Here at A3 we're big supporters of scientific progress in addiction treatment. It may be true that addicts need to want recovery in order to truly turn their lives around, but the choice is hardly ever that simple. If we can tip the balance in favor of treatment, or a better way of life, I say let's go for it. When it comes to genetics and addiction, I've normally talked only about the fact that one's genetic code may predispose him or her to addiction or other related conditions (like depression and anxiety). Aside from a single mention of pharmacogenomics, I don't think I've spoke about the way genetics can help us tailor addiction treatment. We're about to fix that.
Replacement therapies and quitting smoking
You've heard of nicotine patches and gums, right? In the research community, those are all known as nicotine replacement (NR) therapies and they've proven to be some of the most helpful tools for those who are quitting smoking. By allowing smokers to still get the nicotine their body craves (even though there are thousands of other chemicals in cigarettes that make them even more satisfying) without having to light up, these NR methods let cigarette addicts get their nic fix while slowly lowering their dose and getting away from the habit of putting a cigarette in their mouth. Like methadone, buprenorphine, and other replacement therapies, the idea is to move addicts one step away from actual addictive behavior and allow them to adopt a healthier way of living. Replacement therapies are successful, even if some people hate the idea of giving drugs to drug addicts, and nicotine replacement works well by itself for some smokers (about 20 percent).
But when it comes to nicotine, like with many other drugs, different people metabolize the stuff at different rates. The individual variability in the internal processing of nicotine greatly affects how many cigarettes individuals smoke and also the probability that they will become addicted to tobacco (people who metabolize nicotine more quickly smoke more and are more likely to become addicted to smoking). Fast metabolizers are also half as likely to be able to use nicotine replacement alone to quit smoking (1). Fortunately for smokers, the only research finding in this area hasn't been that slow metabolizes have a much better chance of quitting smoking with nicotine replacement therapy. When you put all of the addiction research together, it becomes obvious that the same variability in nicotine metabolism can also help us determine the best course of treatment for tobacco addiction.
The same group of addiction researchers also found that buporopion, the smoking cessation medication everyone knows as Zyban (and the antidepressant called Wellbutrin), could help those fast metabolizers catch up with the slow metabolizers when it came to quitting (see the figure on the left taken from the actual study—you see that the dark bars, who are the bupropion patients, do as well as the white bars, the slow metabolizers, regardless of their metabolism rate, which is broken down into four categories on the bottom
). The researchers found that while slow matabolizers of nicotine did much better with simple smoking cessation therapy and fast metabolizers did very poorly (30 percent versus 10 percent quit, respectively, in each of the groups), adding bupropion made all groups look essentially the same (2). The moral? While those slow metabolizers don't really get much of a benefit from using bupropion since they do pretty well with talk therapy or nicotine replacement alone, the fast metabolizers really need it to even their chances of quitting—and once they get bupropion, they do pretty well!

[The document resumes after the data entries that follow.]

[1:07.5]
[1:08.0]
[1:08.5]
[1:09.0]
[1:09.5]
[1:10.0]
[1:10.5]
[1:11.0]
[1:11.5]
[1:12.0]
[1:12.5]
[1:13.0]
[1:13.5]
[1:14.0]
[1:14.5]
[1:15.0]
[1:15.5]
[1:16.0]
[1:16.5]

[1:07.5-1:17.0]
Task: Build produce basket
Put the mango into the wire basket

Genetics and addiction treatment—just the beginning?
Hopefully you're now convinced that genetics can really help us determine what treatment course will best suit a specific person over another. There's little question that this sort of approach is in its infancy, and you certainly can't go to a doctor right now and get your metabolism rate for a drug analyzed (unless you're part of a research study), but this sort of work shows great promise in improving the outcomes of addiction treatment. When you look back at that original paragraph, and the quite common thinking that addicts need to want to be better—I would argue that those fast metabolizers probably wanted to quit smoking as much as anyone else in the study, and their physical makeup just made it much more difficult for them. If you look at addiction science closely, you'll find that this supposed lack-of-motivation is more of a myth than a reality. Many addicts want to get better, they want to stop behaving in ways that destroy their lives but they just find it incredibly difficult. My hope is that this is where science can truly make a difference, by making it just a little bit easier...

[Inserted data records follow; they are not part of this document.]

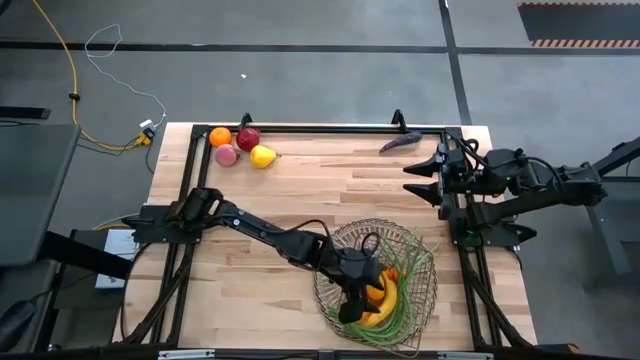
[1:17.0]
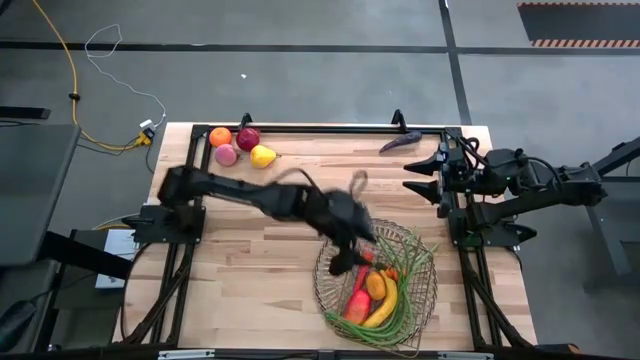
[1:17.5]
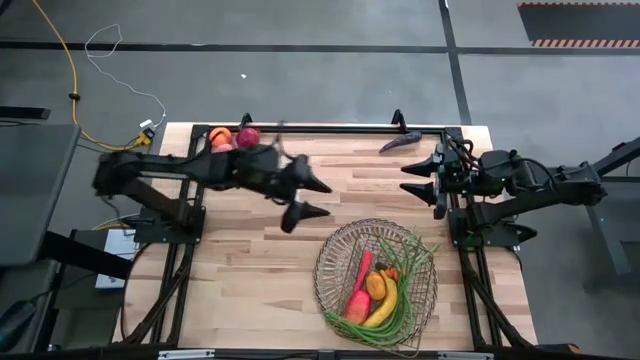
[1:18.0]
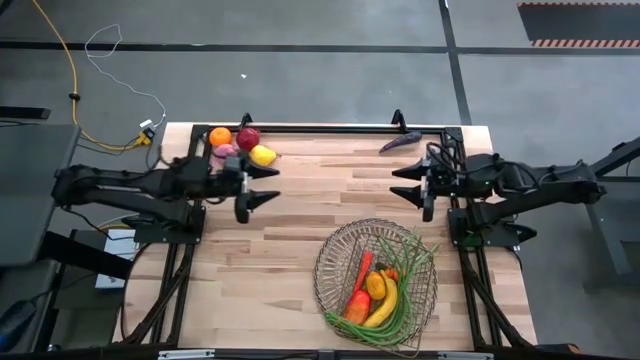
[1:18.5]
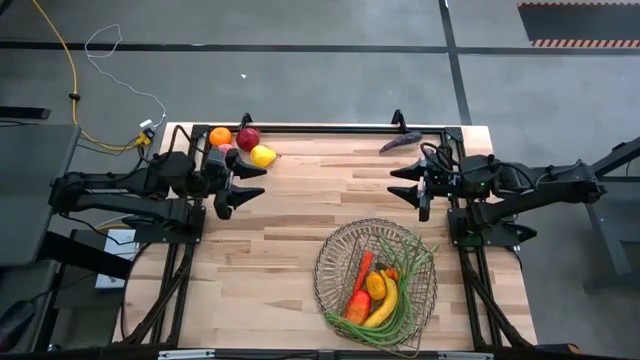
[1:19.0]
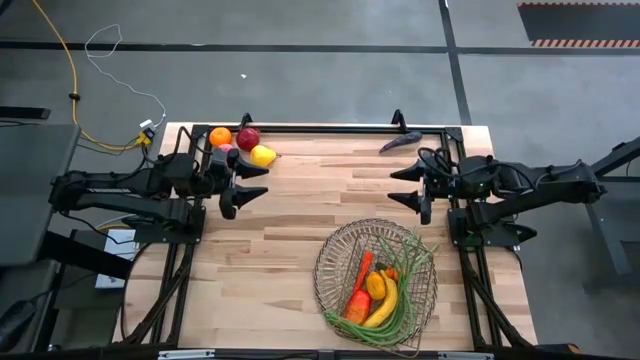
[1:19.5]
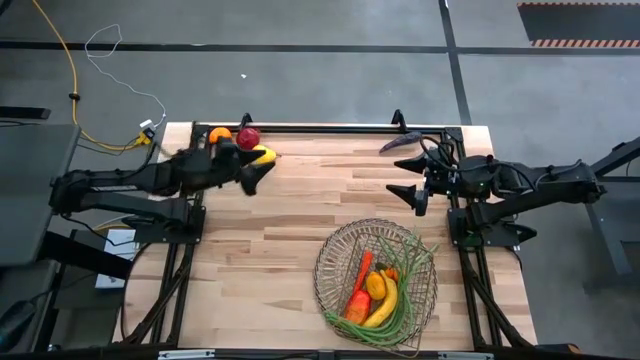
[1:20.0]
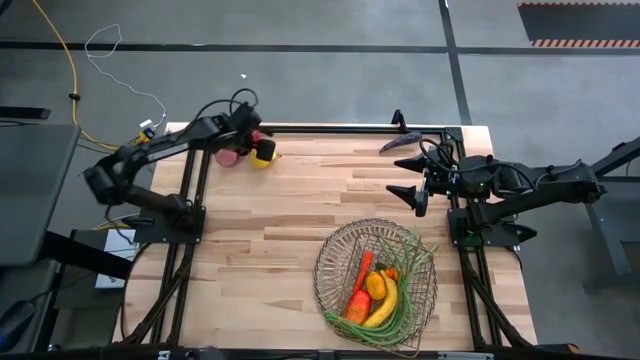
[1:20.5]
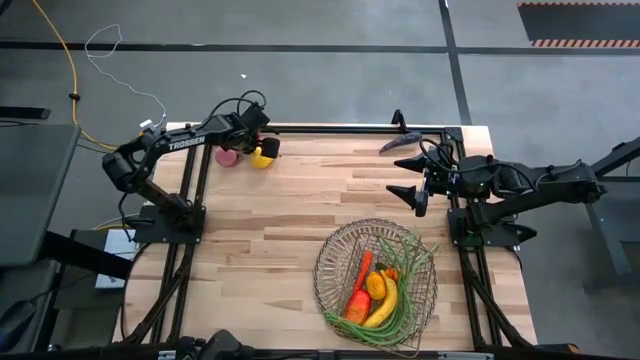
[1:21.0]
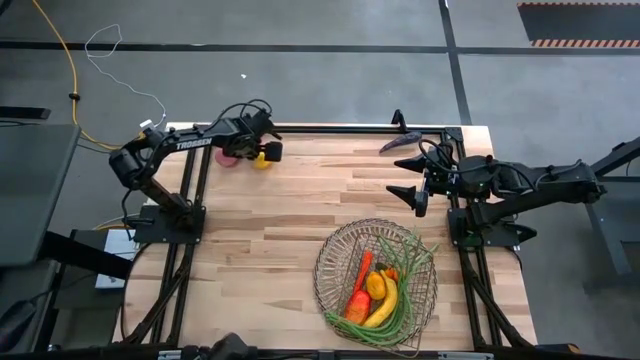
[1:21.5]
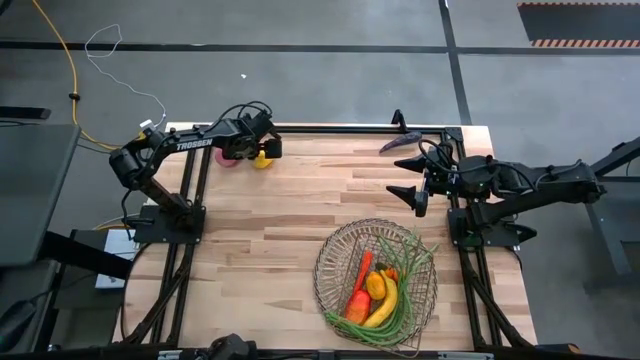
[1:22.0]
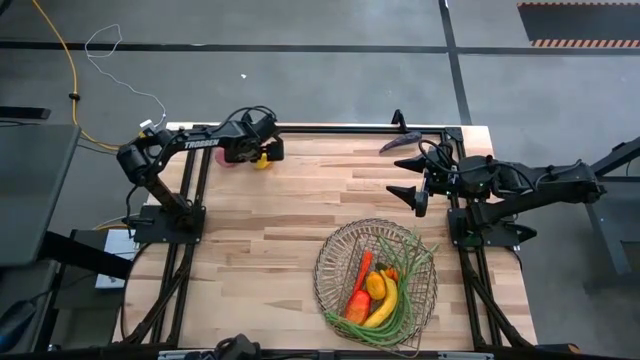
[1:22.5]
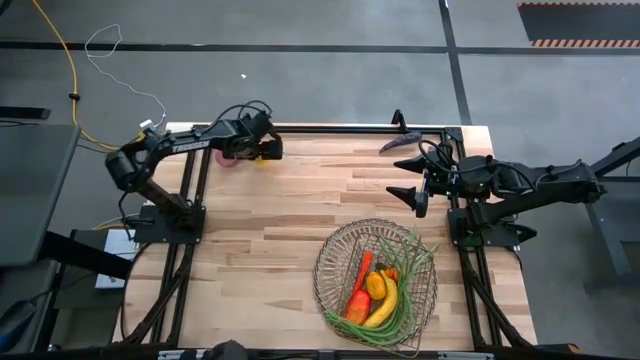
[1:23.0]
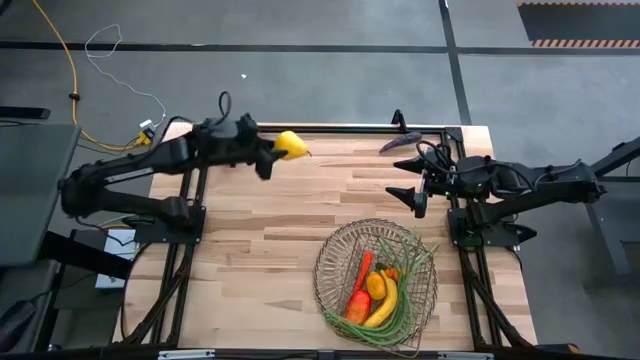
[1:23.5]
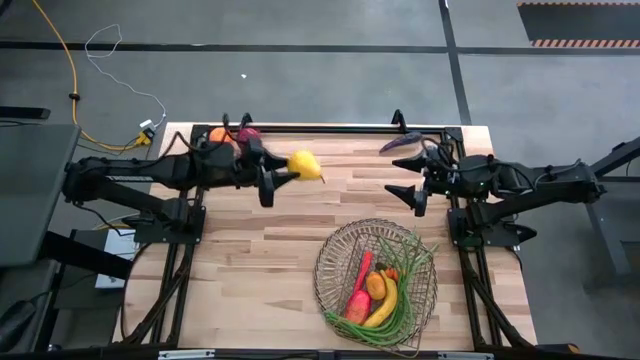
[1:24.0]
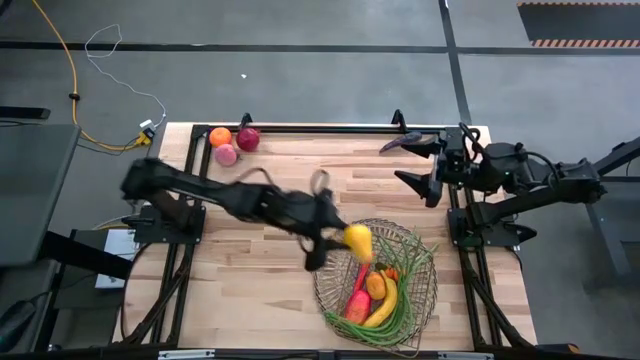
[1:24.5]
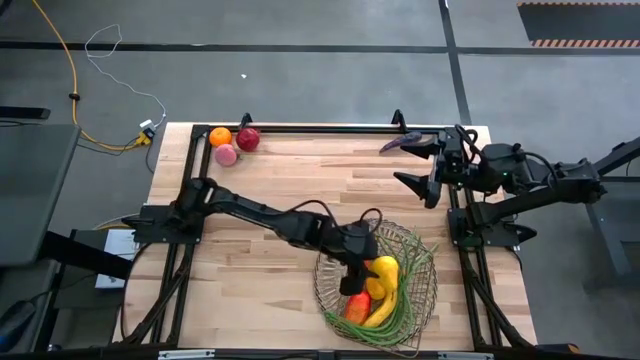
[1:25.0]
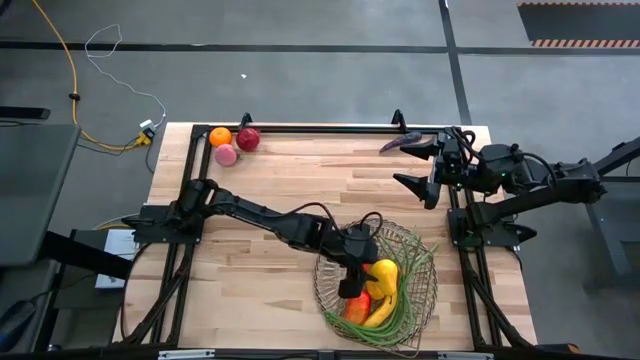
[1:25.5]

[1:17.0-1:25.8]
Put the pear into the wire basket

Hopefully one day we'll be able to adjust addiction treatment according to individual patients' needs, including the use of medications, specific behavioral treatments, and more.
1) RA Schnoll, F Patterson, EP Wileyto, RF Tyndale, N Benowitz, & C Lerman. Nicotine metabolic rate predicts successful smoking cessation with transdermal nicotine: A validation study (2009).
2) F Patterson, RA Schnoll, EP Wileyto, A Pinto, LH Epstein, PG Shields, LW Hawk, RF Tyndale, N Benowitz& C Lerman1. Toward Personalized Therapy for Smoking Cessation: A Randomized Placebo-controlled Trial of Bupropion (2008).